I haven’t read the “Foundation” books, so unlike Hari Seldon, I’m not armed with foreknowledge in that respect. Obviously, the name Isaac Asimov carries weight in science fiction, and for genre fans, his three laws of robotics (which play into the backstory of season 2) have long since become part of general awareness. However, in evaluating the storytelling decisions the “Foundation” TV series makes, I can only go by what’s onscreen, without knowing whether those decisions originated from the writers’ room or Asimov’s original source material.
That said, “Foundation” has a way of undoing certain twists, even re-undoing what’s already been undone once or twice over. But while it sometimes goes a little overboard with audience manipulation and lands like the Show That Cried Wolf, season 2 succeeds in cultivating an atmosphere of danger as it progresses. Characters, even those who can be resurrected via established cloning mechanisms, seem genuinely at risk. We get the sense that anything could happen since psychohistory is a psycho-killer that favors sweeping population patterns over any one person’s life.

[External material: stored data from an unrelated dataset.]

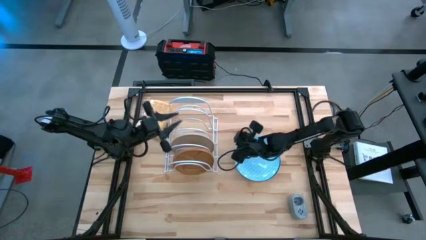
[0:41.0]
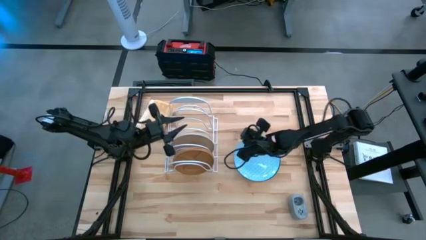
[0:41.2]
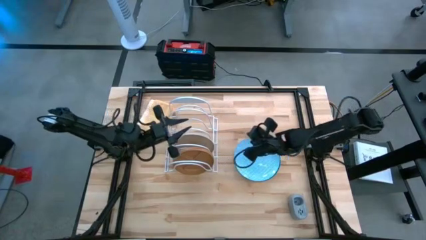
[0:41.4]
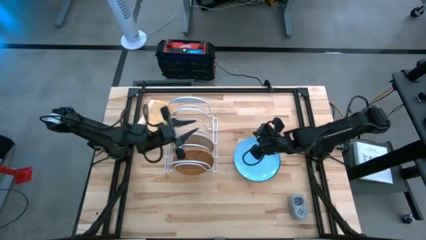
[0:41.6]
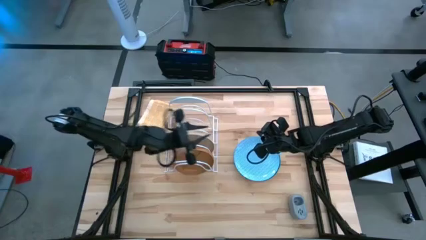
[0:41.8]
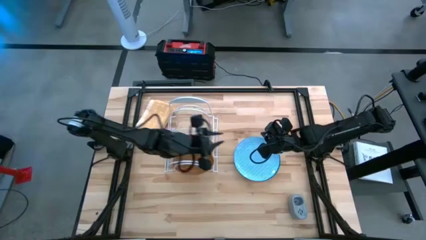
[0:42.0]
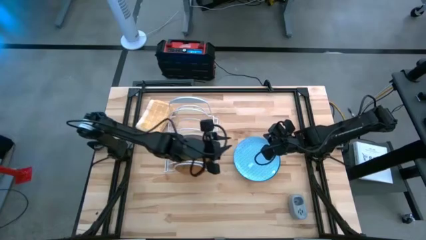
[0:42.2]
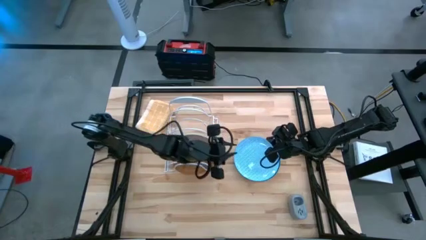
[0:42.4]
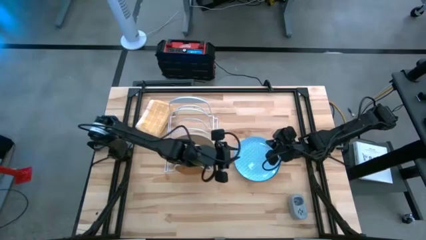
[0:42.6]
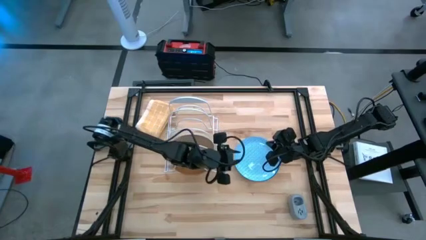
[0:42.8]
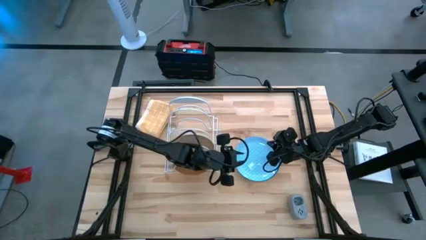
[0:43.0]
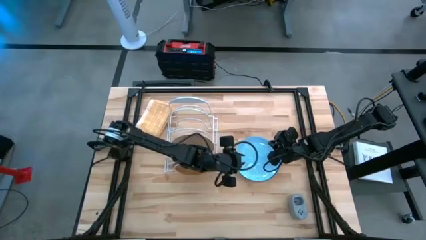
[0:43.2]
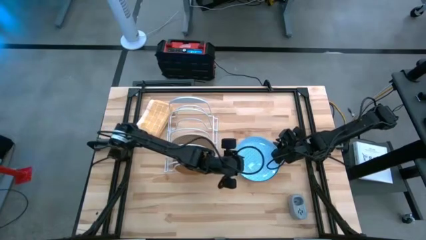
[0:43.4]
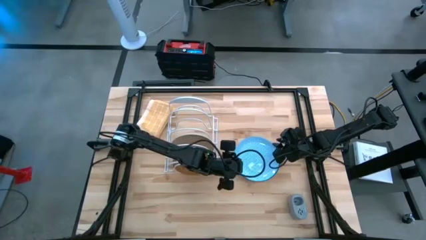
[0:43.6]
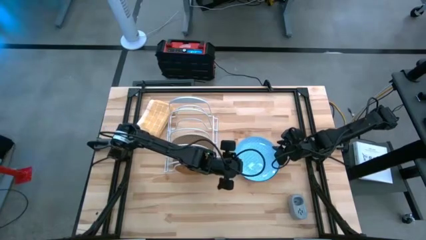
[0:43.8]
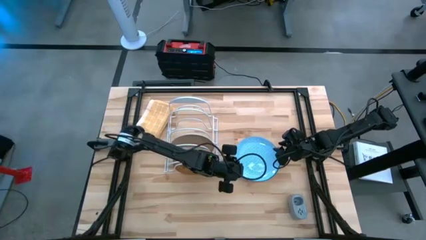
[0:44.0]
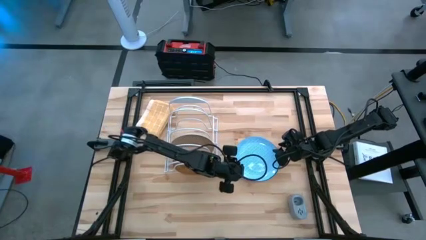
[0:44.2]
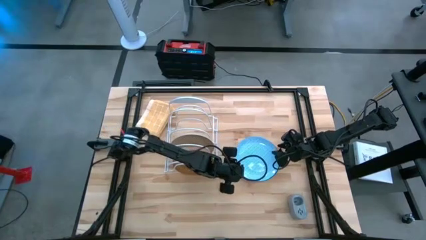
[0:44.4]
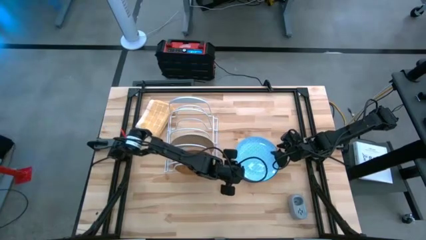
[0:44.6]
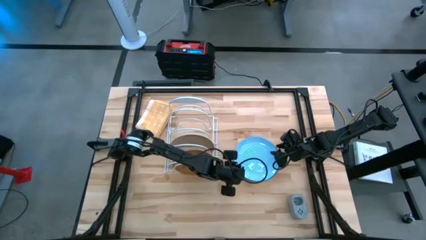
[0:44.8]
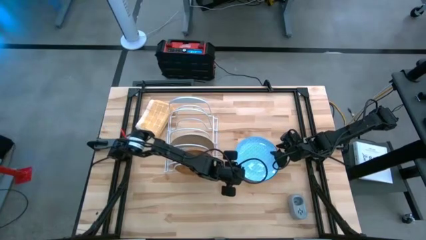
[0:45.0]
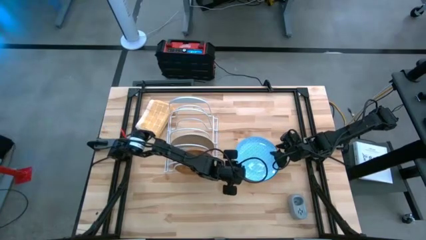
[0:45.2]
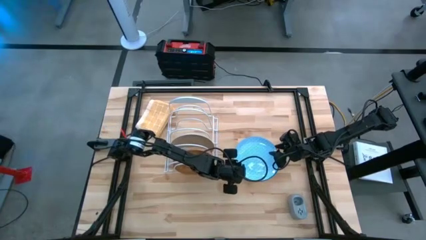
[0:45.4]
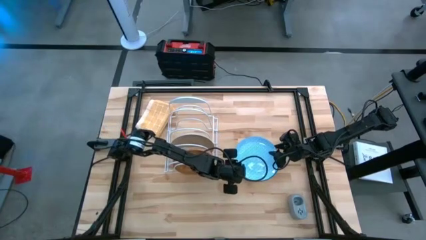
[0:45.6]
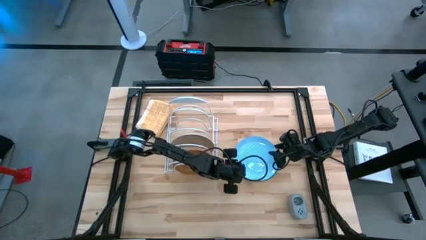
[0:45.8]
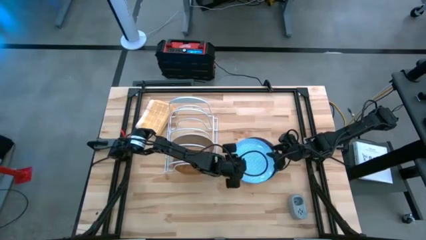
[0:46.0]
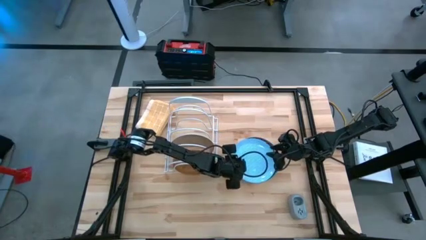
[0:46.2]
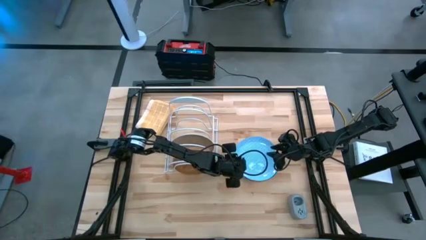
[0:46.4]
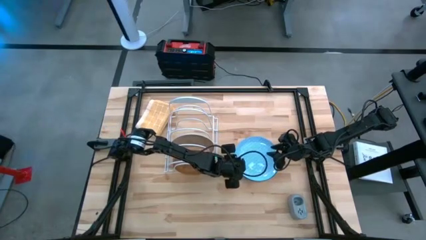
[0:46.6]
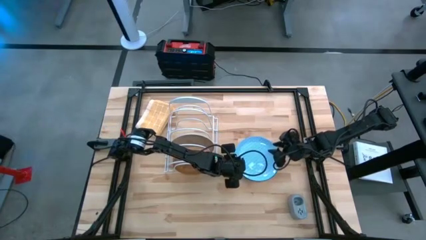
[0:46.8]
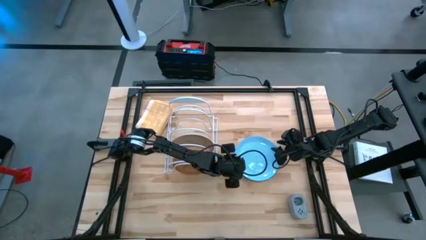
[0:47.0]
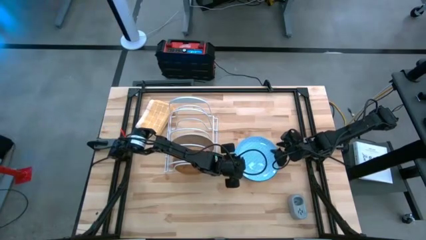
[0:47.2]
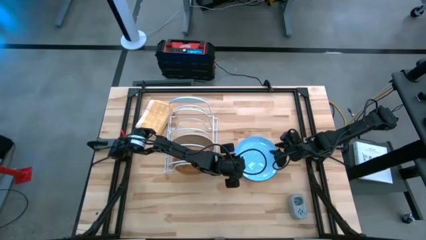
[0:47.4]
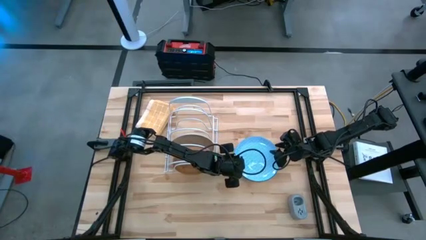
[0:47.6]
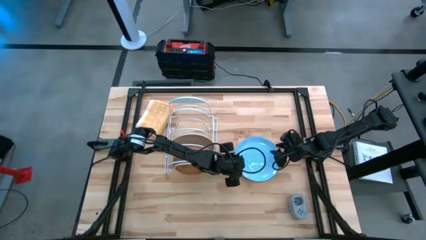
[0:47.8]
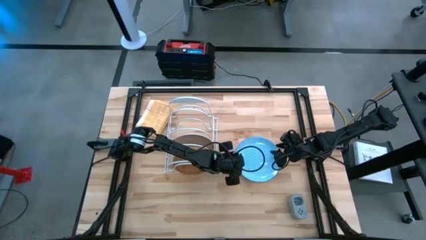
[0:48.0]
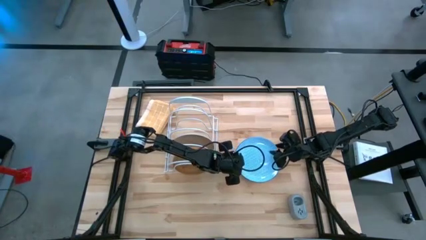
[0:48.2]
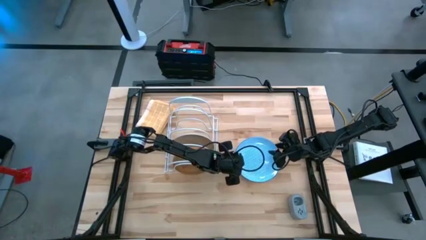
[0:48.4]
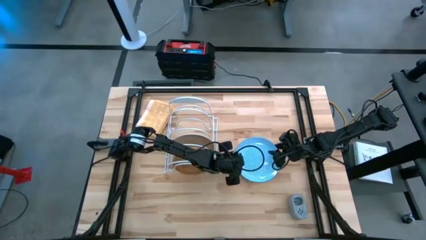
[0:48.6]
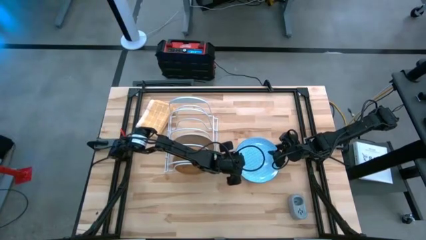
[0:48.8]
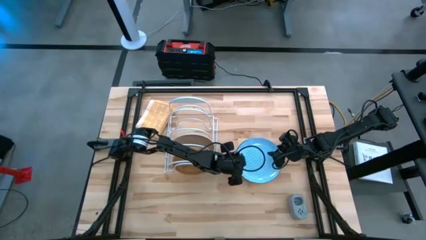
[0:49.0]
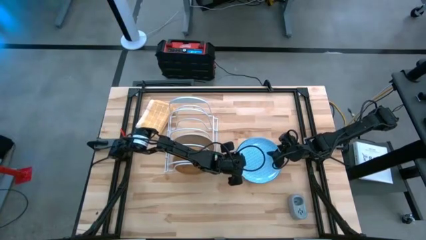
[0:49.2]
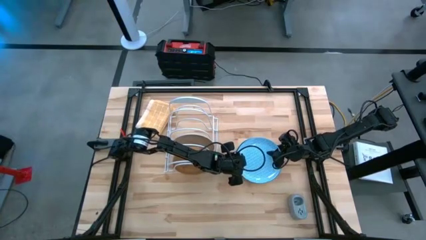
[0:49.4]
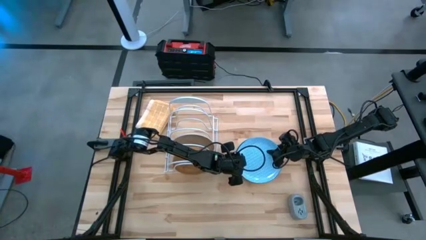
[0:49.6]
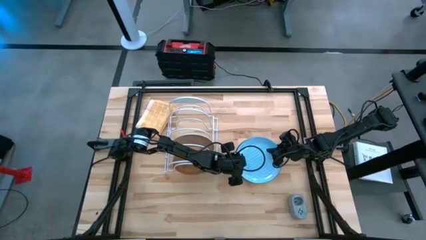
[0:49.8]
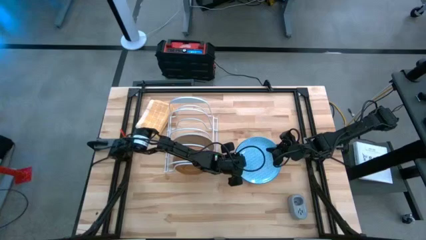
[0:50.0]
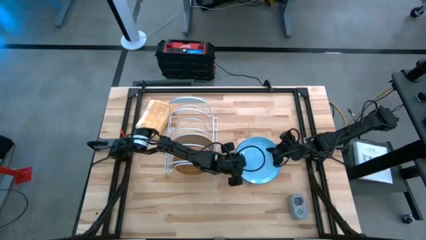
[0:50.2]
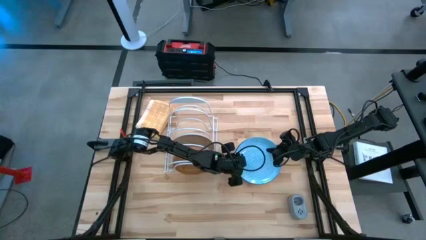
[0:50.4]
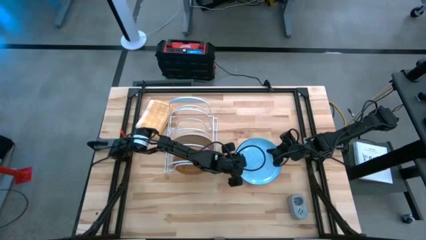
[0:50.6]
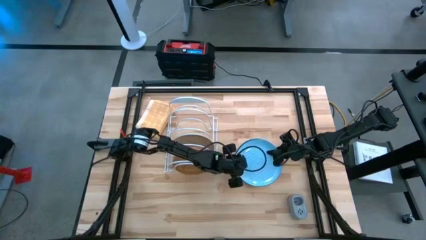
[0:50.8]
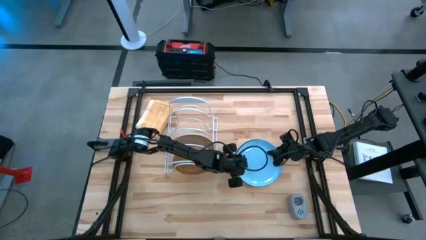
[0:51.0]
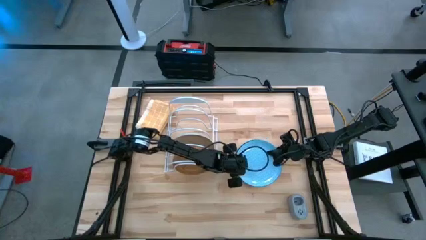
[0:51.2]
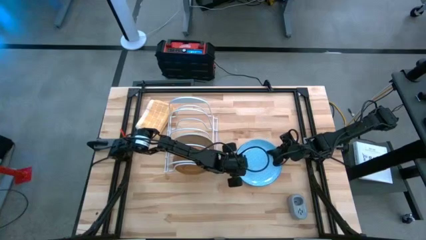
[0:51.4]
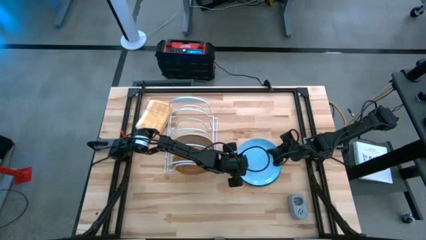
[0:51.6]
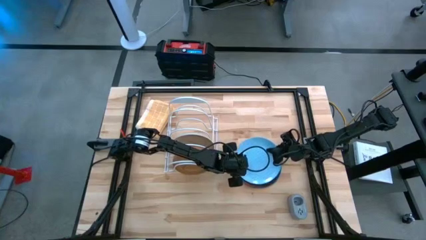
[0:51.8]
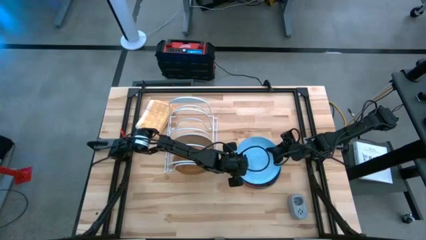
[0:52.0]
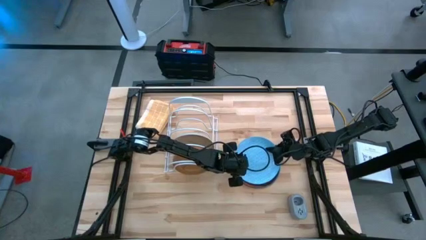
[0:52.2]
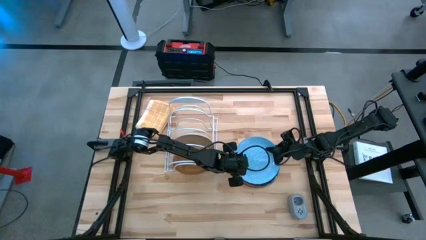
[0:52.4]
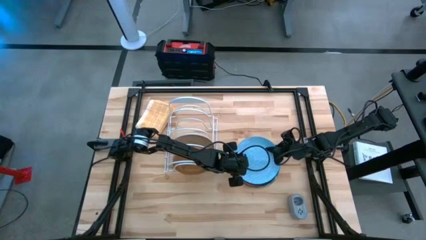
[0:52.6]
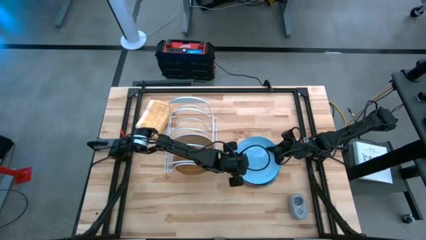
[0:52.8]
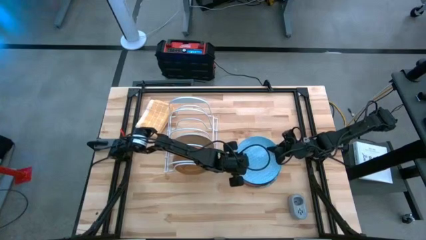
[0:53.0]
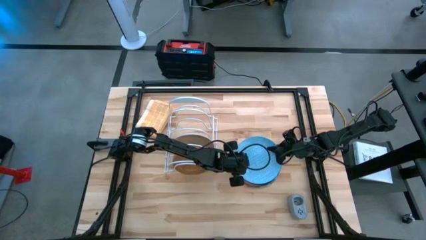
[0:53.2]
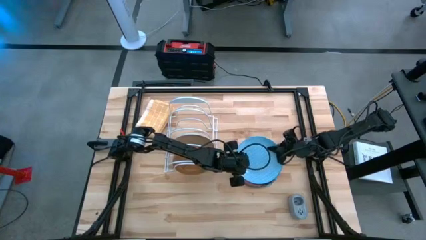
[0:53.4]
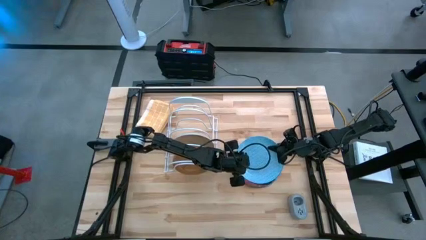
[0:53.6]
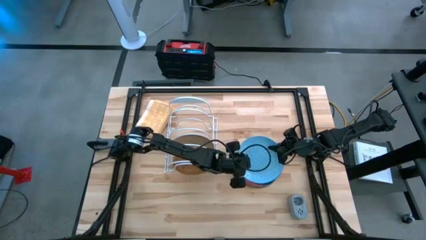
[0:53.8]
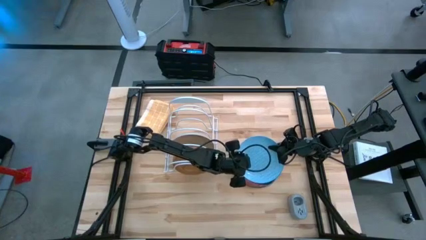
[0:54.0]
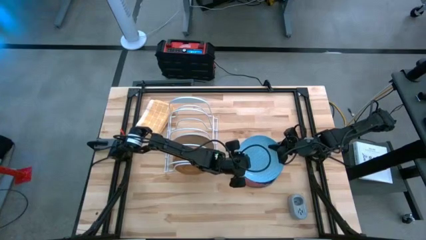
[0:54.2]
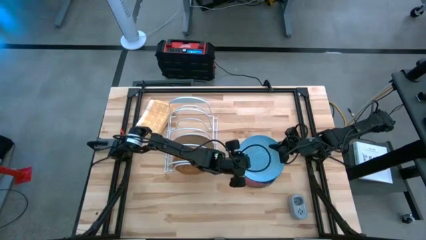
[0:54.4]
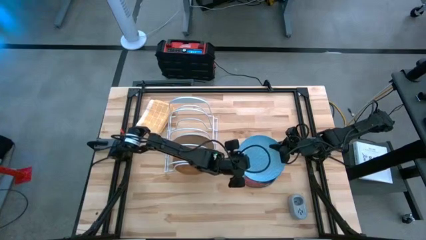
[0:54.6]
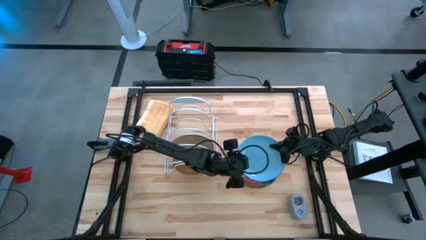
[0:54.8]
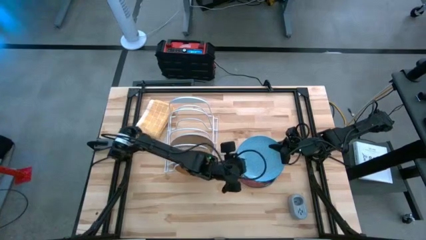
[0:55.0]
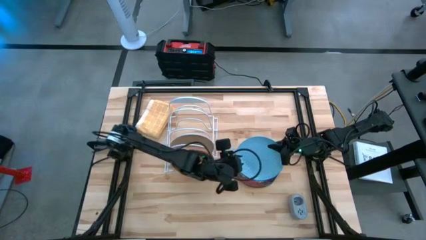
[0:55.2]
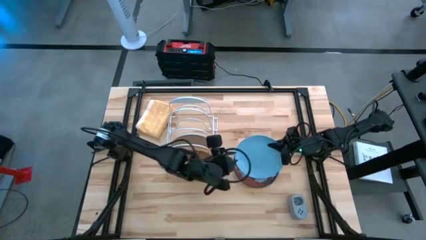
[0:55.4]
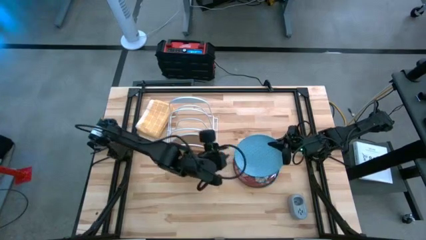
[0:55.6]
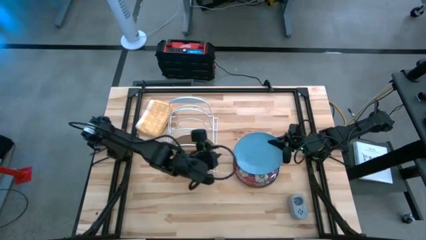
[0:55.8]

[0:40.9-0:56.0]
Task: Sort dishes
Put the blue plate into the dishwasher rack

As Hari observes, there are “infinite ways to arrive at the inevitable.”
The show isn’t as ruthless as “Game of Thrones,” though David S. Goyer has compared one moment to the Red Wedding, and here again, we have the rhythms of another diffuse drama with a sprawling cast. In “Foundation,” it’s as if Westeros is the whole wide universe, which means that there are cliffhangers, court intrigue, and even an element of light horror (specifically, folk horror) as the series sets down among a colony of Mentalics, led by Tellem Bond (a bewitching Rachel House). They can read minds and “un-voice” their thoughts rather than speaking them, but since we humans are wired differently, let’s be clear: once you get past the stage setting and fake-outs, “Foundation” season 2 improves on season 1 with a narrative that eventually comes into its own and feels like time well spent.
/Film Rating: 8 out of 10
New episodes of “Foundation” season 2 stream weekly, beginning July 14, 2023, on Apple TV+.